Em Angústia de Graciliano Ramos, encontramos sequências instigantes:
Penso em indivíduos e em objetos que não têm relação com os desenhos: processos, orçamentos, o diretor, o secretário, políticos, sujeitos remediados que me desprezam porque sou um pobre-diabo.
Tipos bestas. Ficam dias inteiros fuxicando nos cafés e preguiçando, indecentes.
(...)
Fomos morar na vila. Meteram-me na escola de seu Antônio Justino, para desasnar, pois, como disse Camilo quando me apresentou ao mestre, eu era um cavalo de dez anos e não conhecia a mão direita. Aprendi leitura, o catecismo, a conjugação dos verbos. O professor dormia durante as lições. E a gente bocejava olhando as paredes, esperando que uma réstia chegasse ao risco de lápis que marcava duas horas. Saíamos em algazarra.
(Graciliano Ramos, Angústia. Rio de Janeiro:Ed. Record, 56.ed., 2003, p. 8-9 e 15).
a) Que processos permitem as construções ‘preguiçando’ e ‘desasnar’ na língua?
b) Se substituirmos ‘preguiçando’ por ‘descansando’ e ‘desasnar’ por ‘aprender’, observamos uma relação diferente com a poesia da língua. Explicite essa diferença.
c) O uso de ‘desasnar’ pode nos remeter, entre outras palavras, a ‘desemburrecer’ e ‘desemburrar’. No Dicionário Houaiss da língua portuguesa (ed. Objetiva, 2001), o verbete ‘desemburrar’ apresenta como acepções tanto ‘livrar- se da ignorância’, quanto ‘perder o enfezamento’, e marca sua etimologia como des + emburrar.
Seguindo nossa consulta, encontramos no verbete ‘emburrar’ o ano de 1647 que, segundo a Chave do Dicionário Houaiss, indica a “data em que [essa palavra] entrou no português”. A fonte dessa datação é a obra Thesouro da lingoa portuguesa composta pelo Padre D. Bento Pereyra, publicada em Lisboa.

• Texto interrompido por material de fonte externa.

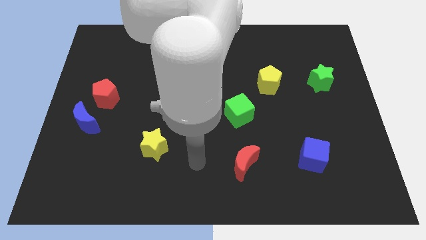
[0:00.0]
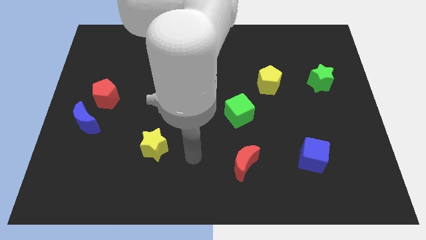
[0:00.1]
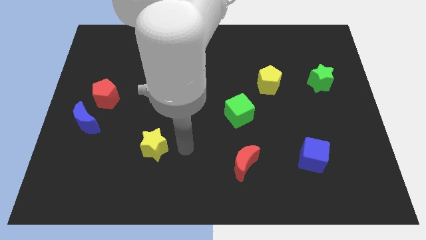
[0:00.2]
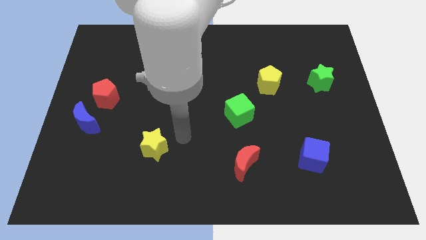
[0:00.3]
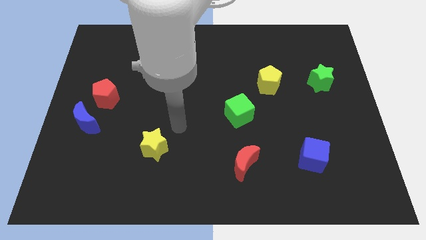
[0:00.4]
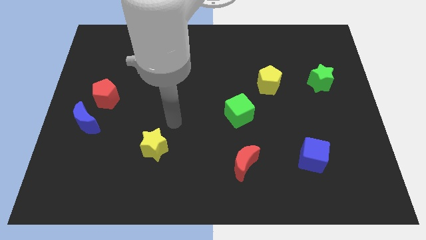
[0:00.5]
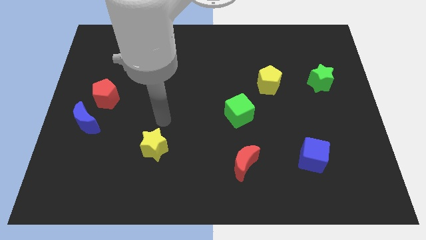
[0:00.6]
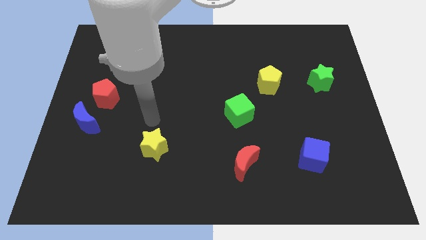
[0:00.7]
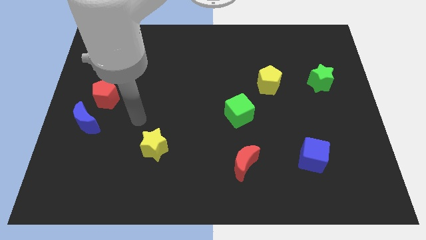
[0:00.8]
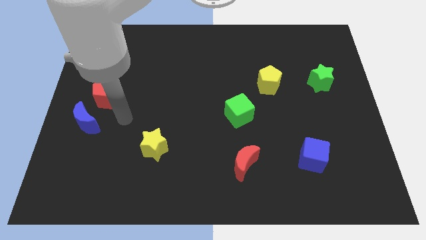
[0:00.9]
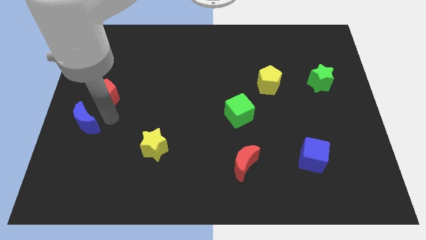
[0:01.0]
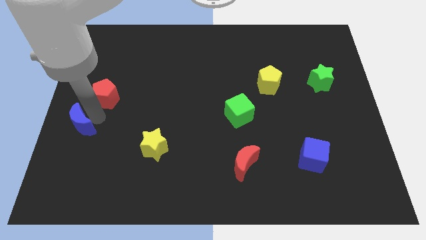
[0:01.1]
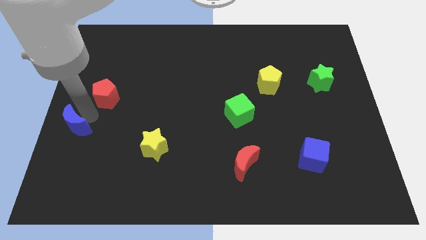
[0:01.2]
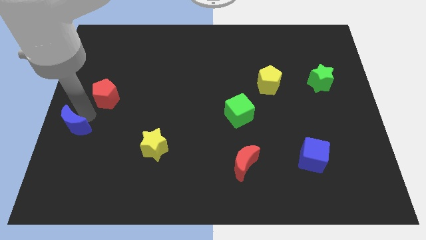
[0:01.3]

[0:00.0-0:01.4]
separate the red pentagon from the blue moon

Embora ‘desemburrecer’ não apareça no dicionário, encontramos ‘emburrecer’, cuja entrada no português, segundo o Houaiss, data de 1998, atestada pela obra de Celso Pedro Luft Dicionário prático de regência verbal, publicada em São Paulo.
O verbete ‘desasnar’ data de 1713, atestado pela obra Vocabulário portugueza e latino de Rafael Bluteau, publicada em Coimbra- Lisboa. Tendo em vista as observações acima apresentadas - a presença ou não desses verbetes no dicionário, as datas de entrada no português e as fontes que atestam essas entradas - o que se pode compreender sobre a relação entre o dicionário e a língua?